Exercise brief → Transcribe the listing below exactly, from its first line through the line with "सिर्फ़ गुजरात नहीं". Omit the pictures.

Excerpted records →
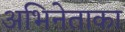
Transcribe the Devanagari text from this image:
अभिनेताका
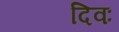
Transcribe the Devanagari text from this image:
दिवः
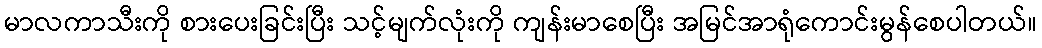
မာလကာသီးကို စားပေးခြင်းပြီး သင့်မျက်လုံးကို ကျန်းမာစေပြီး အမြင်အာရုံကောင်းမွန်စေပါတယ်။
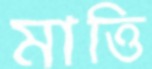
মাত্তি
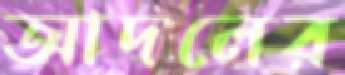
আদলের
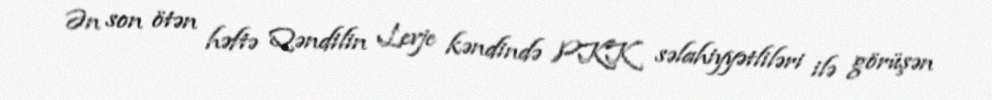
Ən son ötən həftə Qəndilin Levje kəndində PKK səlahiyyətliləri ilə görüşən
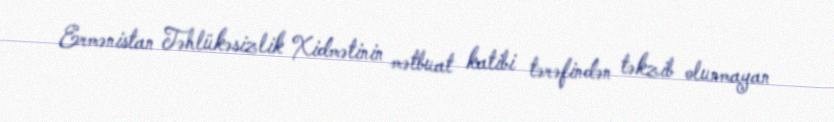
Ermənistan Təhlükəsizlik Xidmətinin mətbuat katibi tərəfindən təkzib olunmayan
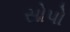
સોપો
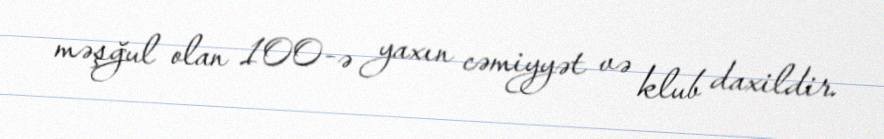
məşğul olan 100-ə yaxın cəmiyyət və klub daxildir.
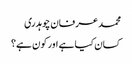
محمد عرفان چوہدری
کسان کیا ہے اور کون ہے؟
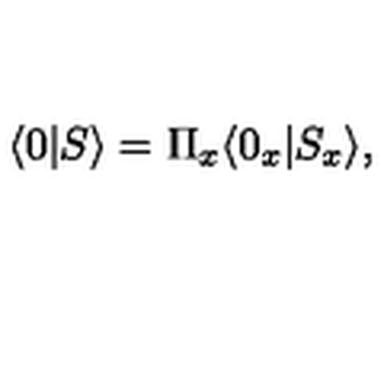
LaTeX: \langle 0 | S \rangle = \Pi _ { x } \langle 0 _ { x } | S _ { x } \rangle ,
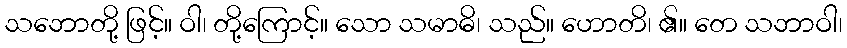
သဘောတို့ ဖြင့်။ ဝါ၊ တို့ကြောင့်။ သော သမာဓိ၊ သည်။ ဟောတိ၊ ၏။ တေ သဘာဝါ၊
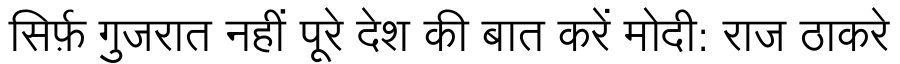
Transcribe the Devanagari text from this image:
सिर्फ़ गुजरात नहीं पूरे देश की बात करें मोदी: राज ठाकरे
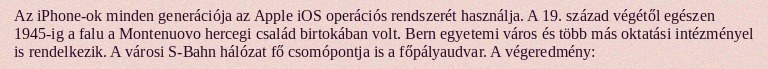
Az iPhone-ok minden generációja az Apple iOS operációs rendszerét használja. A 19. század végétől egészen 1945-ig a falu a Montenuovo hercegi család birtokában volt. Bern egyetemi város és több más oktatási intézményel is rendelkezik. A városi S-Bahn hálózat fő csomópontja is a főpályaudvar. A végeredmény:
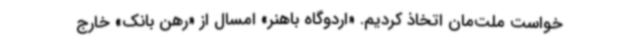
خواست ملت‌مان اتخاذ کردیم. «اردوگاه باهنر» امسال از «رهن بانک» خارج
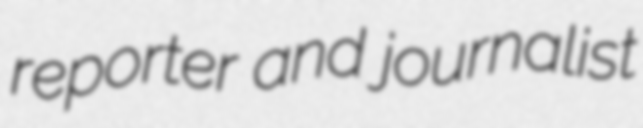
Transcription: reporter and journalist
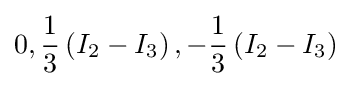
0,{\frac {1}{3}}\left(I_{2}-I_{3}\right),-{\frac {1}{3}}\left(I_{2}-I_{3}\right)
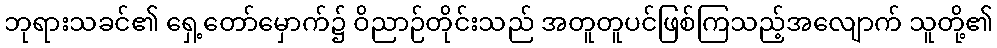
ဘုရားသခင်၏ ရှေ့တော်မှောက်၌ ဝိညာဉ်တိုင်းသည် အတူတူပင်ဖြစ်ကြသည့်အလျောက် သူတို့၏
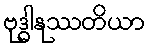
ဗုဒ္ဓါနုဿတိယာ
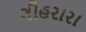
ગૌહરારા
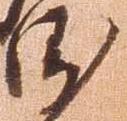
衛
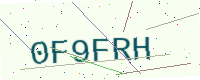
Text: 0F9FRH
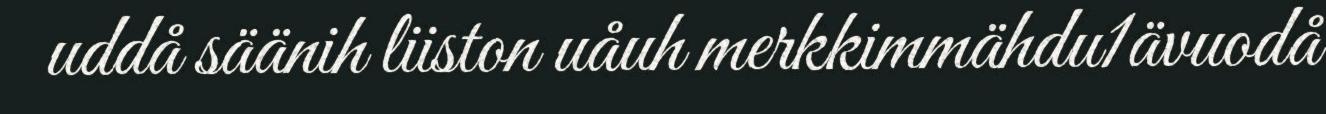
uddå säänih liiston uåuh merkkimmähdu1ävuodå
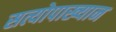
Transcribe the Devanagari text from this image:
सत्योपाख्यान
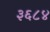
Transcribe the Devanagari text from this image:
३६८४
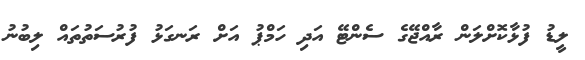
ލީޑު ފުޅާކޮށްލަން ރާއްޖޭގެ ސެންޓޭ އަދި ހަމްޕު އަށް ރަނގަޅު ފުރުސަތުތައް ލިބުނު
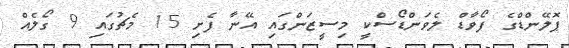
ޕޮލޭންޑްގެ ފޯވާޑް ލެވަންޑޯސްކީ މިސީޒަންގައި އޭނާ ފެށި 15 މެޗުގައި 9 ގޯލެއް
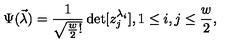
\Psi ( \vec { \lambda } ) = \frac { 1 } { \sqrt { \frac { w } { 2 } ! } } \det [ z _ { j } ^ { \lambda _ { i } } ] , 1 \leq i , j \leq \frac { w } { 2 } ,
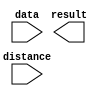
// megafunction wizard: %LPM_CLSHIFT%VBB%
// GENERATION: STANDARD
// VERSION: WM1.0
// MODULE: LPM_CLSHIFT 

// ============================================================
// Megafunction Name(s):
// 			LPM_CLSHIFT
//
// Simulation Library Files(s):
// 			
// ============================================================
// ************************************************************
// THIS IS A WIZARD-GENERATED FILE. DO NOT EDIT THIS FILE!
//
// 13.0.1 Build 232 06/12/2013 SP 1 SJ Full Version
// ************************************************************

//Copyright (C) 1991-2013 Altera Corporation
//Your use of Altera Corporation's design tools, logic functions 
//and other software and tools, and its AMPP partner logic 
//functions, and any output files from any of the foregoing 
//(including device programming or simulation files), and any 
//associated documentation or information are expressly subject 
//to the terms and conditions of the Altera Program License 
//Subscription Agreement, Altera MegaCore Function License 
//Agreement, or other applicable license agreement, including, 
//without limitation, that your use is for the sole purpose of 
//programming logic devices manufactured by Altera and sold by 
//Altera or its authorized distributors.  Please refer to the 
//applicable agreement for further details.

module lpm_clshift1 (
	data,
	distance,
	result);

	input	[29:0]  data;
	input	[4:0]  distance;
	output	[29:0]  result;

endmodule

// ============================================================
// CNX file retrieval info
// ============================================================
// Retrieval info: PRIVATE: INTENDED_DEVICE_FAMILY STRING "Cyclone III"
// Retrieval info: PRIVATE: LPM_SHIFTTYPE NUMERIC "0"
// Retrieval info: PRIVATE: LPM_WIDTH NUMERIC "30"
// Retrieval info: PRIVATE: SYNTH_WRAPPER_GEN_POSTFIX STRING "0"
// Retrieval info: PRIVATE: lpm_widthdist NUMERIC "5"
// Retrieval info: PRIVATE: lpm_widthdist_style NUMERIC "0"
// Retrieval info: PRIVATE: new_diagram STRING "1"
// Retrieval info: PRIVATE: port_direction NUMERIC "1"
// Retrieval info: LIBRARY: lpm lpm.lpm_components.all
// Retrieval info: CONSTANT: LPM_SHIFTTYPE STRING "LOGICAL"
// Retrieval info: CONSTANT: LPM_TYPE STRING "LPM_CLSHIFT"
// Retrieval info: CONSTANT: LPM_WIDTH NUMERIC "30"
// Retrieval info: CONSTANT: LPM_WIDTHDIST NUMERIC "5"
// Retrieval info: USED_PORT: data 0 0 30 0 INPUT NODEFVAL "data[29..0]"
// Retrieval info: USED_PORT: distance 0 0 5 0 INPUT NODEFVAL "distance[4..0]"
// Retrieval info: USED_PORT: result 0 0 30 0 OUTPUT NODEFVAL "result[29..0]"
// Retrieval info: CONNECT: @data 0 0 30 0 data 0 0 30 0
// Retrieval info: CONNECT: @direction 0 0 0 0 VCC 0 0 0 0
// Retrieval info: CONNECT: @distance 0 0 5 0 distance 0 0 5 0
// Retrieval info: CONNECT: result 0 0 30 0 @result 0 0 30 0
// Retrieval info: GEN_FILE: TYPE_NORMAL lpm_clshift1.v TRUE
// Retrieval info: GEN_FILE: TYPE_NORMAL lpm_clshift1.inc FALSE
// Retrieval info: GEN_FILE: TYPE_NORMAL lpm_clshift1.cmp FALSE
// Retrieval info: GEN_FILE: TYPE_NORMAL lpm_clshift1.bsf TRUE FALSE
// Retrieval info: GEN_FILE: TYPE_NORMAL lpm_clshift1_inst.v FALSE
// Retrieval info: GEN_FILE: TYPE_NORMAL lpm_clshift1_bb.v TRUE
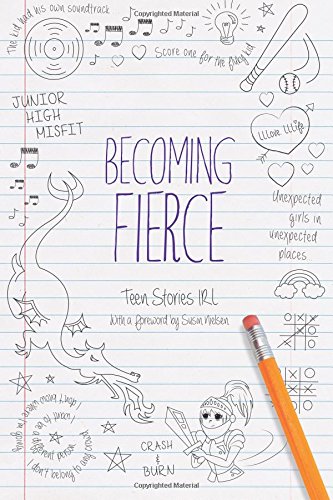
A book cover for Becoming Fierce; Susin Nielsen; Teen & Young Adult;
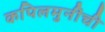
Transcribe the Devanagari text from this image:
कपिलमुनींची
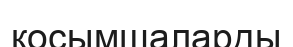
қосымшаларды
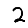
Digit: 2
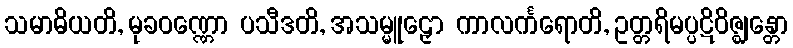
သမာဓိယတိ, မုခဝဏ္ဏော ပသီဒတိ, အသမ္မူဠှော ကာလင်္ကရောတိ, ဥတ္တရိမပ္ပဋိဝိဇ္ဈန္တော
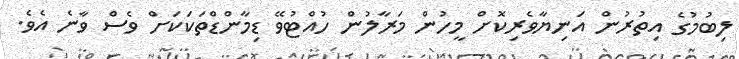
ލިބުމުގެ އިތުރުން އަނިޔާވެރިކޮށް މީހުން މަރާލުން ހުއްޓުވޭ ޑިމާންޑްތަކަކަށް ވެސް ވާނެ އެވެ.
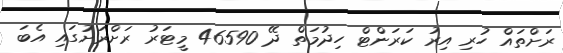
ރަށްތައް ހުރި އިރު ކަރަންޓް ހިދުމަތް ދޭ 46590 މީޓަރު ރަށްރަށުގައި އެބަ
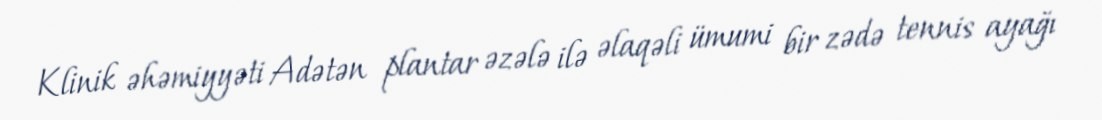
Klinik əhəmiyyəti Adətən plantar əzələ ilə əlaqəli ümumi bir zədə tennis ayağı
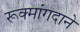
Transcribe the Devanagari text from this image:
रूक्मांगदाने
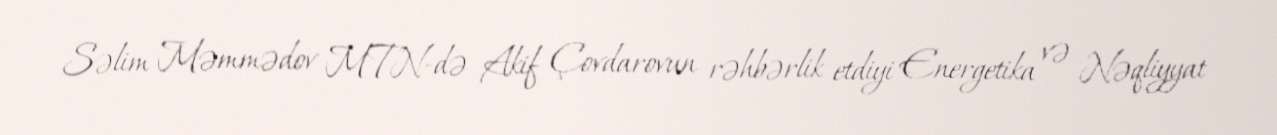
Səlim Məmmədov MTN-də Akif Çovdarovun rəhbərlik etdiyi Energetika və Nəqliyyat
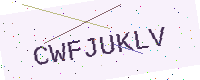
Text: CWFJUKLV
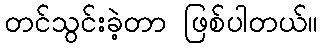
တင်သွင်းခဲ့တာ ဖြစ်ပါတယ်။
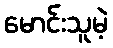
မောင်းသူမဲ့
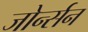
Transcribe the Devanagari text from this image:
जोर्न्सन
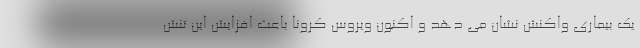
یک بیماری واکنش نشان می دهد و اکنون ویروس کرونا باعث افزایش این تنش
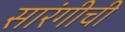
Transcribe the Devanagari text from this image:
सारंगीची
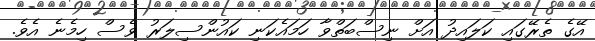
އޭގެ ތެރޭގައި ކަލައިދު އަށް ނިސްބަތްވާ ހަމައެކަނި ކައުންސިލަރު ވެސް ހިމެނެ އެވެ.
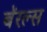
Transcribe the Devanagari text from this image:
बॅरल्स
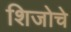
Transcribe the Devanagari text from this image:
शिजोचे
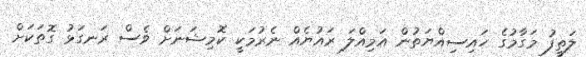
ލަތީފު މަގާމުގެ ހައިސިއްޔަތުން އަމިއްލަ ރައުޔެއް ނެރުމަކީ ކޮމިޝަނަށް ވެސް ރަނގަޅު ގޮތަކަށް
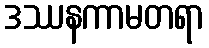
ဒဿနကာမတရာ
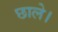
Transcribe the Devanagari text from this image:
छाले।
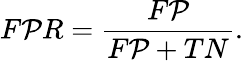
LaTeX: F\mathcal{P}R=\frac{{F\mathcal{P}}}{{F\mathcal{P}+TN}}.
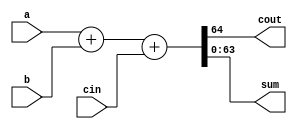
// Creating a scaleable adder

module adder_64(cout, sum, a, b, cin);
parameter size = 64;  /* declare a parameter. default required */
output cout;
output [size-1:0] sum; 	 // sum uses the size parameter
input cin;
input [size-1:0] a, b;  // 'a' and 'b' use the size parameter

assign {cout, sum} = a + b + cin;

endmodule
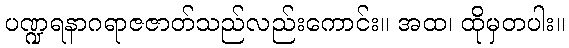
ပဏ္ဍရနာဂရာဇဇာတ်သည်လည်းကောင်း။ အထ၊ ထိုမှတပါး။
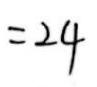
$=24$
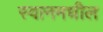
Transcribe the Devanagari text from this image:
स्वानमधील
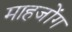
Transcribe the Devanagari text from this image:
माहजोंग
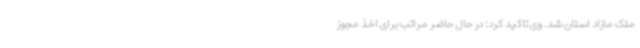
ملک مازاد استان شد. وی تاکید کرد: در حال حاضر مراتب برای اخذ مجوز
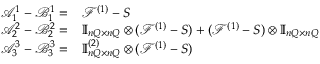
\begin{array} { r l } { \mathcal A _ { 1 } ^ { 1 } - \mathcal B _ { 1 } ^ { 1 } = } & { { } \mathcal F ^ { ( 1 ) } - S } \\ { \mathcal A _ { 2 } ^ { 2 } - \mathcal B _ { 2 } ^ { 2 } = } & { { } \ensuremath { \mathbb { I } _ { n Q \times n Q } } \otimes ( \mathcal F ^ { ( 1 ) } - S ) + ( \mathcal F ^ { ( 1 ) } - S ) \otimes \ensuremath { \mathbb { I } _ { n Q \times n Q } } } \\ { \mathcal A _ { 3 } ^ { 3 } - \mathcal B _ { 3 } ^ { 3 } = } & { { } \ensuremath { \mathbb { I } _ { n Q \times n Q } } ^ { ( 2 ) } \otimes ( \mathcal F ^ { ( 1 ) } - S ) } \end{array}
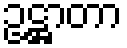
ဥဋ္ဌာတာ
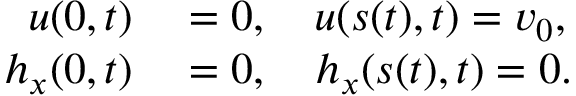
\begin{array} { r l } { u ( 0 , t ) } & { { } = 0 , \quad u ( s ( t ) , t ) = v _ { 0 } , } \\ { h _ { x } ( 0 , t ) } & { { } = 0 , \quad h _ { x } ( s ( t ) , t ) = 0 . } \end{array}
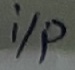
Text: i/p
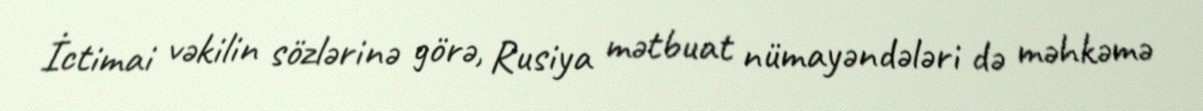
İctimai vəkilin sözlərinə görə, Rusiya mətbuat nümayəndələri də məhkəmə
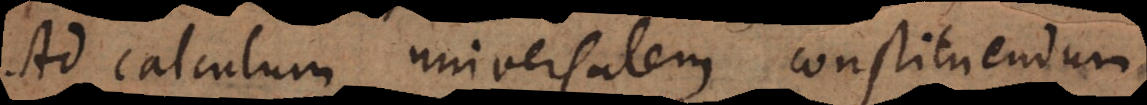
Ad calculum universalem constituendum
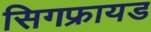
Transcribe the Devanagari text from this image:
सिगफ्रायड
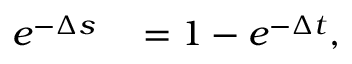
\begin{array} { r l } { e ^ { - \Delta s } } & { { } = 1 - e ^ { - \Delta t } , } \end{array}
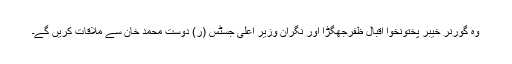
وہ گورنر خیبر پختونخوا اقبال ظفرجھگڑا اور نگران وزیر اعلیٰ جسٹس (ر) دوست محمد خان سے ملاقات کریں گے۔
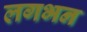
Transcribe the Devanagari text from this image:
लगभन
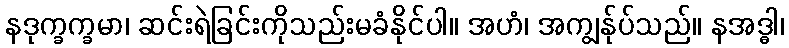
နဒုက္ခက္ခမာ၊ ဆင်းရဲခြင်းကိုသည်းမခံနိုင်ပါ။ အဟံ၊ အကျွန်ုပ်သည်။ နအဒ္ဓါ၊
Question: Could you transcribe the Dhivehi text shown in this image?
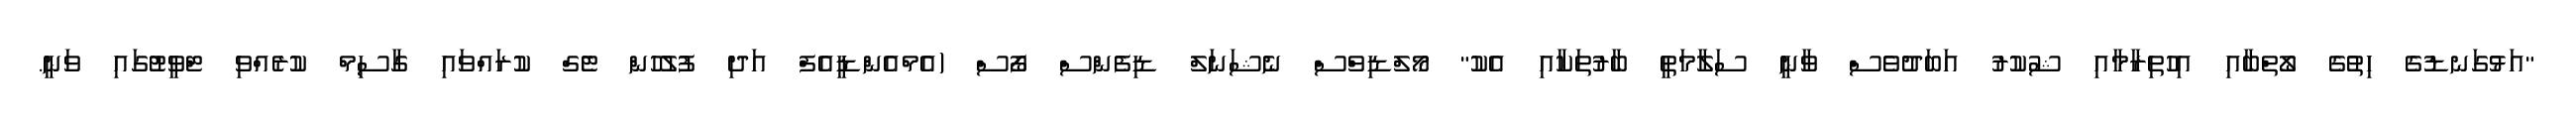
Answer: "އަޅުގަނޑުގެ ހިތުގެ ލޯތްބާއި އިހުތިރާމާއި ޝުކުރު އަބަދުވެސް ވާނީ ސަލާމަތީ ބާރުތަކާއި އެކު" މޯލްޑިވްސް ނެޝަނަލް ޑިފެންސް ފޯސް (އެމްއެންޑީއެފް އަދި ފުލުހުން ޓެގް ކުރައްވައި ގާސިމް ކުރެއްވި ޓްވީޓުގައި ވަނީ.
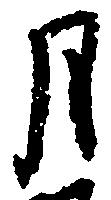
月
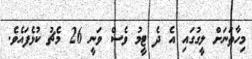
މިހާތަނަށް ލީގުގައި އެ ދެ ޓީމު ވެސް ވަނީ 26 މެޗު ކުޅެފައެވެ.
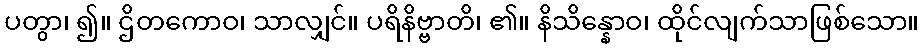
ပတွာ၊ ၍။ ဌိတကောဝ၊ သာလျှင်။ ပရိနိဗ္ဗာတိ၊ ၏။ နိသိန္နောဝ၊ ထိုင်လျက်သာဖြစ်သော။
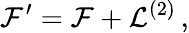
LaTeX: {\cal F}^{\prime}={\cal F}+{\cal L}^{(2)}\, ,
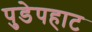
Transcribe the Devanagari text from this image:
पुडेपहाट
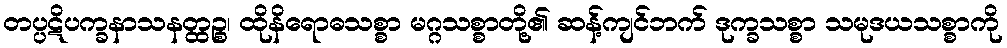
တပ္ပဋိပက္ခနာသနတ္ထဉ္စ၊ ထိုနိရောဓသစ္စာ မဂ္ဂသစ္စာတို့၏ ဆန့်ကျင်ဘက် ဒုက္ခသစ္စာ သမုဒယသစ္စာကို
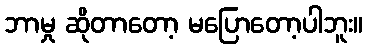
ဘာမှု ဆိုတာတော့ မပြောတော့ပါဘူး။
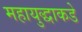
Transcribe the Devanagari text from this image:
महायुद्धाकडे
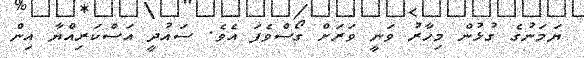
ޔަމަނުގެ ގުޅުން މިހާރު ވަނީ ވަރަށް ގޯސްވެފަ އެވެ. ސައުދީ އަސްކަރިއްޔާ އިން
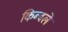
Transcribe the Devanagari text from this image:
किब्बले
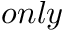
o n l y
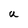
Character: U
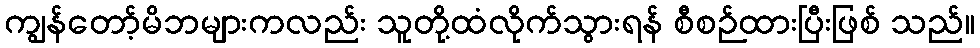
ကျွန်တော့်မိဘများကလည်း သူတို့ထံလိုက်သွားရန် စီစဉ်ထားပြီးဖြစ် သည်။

Reply →
Transcribe the Devanagari text from this image:
अभिनेताका
Transcribe the Devanagari text from this image:
दिवः
မာလကာသီးကို စားပေးခြင်းပြီး သင့်မျက်လုံးကို ကျန်းမာစေပြီး အမြင်အာရုံကောင်းမွန်စေပါတယ်။
মাত্তি
আদলের
Ən son ötən həftə Qəndilin Levje kəndində PKK səlahiyyətliləri ilə görüşən
Ermənistan Təhlükəsizlik Xidmətinin mətbuat katibi tərəfindən təkzib olunmayan
સોપો
məşğul olan 100-ə yaxın cəmiyyət və klub daxildir.
محمد عرفان چوہدری
کسان کیا ہے اور کون ہے؟
LaTeX: \langle 0 | S \rangle = \Pi _ { x } \langle 0 _ { x } | S _ { x } \rangle ,
သဘောတို့ ဖြင့်။ ဝါ၊ တို့ကြောင့်။ သော သမာဓိ၊ သည်။ ဟောတိ၊ ၏။ တေ သဘာဝါ၊
Transcribe the Devanagari text from this image:
सिर्फ़ गुजरात नहीं पूरे देश की बात करें मोदी: राज ठाकरे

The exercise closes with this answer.